**PROBLEM REQUIREMENTS**
Copy out the entries exactly, from the first line to the last.

____

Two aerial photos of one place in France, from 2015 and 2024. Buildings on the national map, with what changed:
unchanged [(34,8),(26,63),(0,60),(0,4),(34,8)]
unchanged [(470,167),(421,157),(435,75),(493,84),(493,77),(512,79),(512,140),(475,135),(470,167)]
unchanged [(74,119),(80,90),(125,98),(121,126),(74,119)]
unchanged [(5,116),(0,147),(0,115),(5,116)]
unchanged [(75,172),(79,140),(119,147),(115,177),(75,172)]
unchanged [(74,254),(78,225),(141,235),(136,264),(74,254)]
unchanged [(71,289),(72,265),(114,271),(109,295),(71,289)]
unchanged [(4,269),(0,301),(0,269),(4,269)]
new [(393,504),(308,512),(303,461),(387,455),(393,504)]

____

**SOLUTION FOR THIS EXERCISE**
Two aerial photos of one place in France, from 2015 and 2024. Buildings on the national map, with what changed:
unchanged [(34,8),(26,63),(0,60),(0,4),(34,8)]
unchanged [(470,167),(421,157),(435,75),(493,84),(493,77),(512,79),(512,140),(475,135),(470,167)]
unchanged [(74,119),(80,90),(125,98),(121,126),(74,119)]
unchanged [(5,116),(0,147),(0,115),(5,116)]
unchanged [(75,172),(79,140),(119,147),(115,177),(75,172)]
unchanged [(74,254),(78,225),(141,235),(136,264),(74,254)]
unchanged [(71,289),(72,265),(114,271),(109,295),(71,289)]
unchanged [(4,269),(0,301),(0,269),(4,269)]
new [(393,504),(308,512),(303,461),(387,455),(393,504)]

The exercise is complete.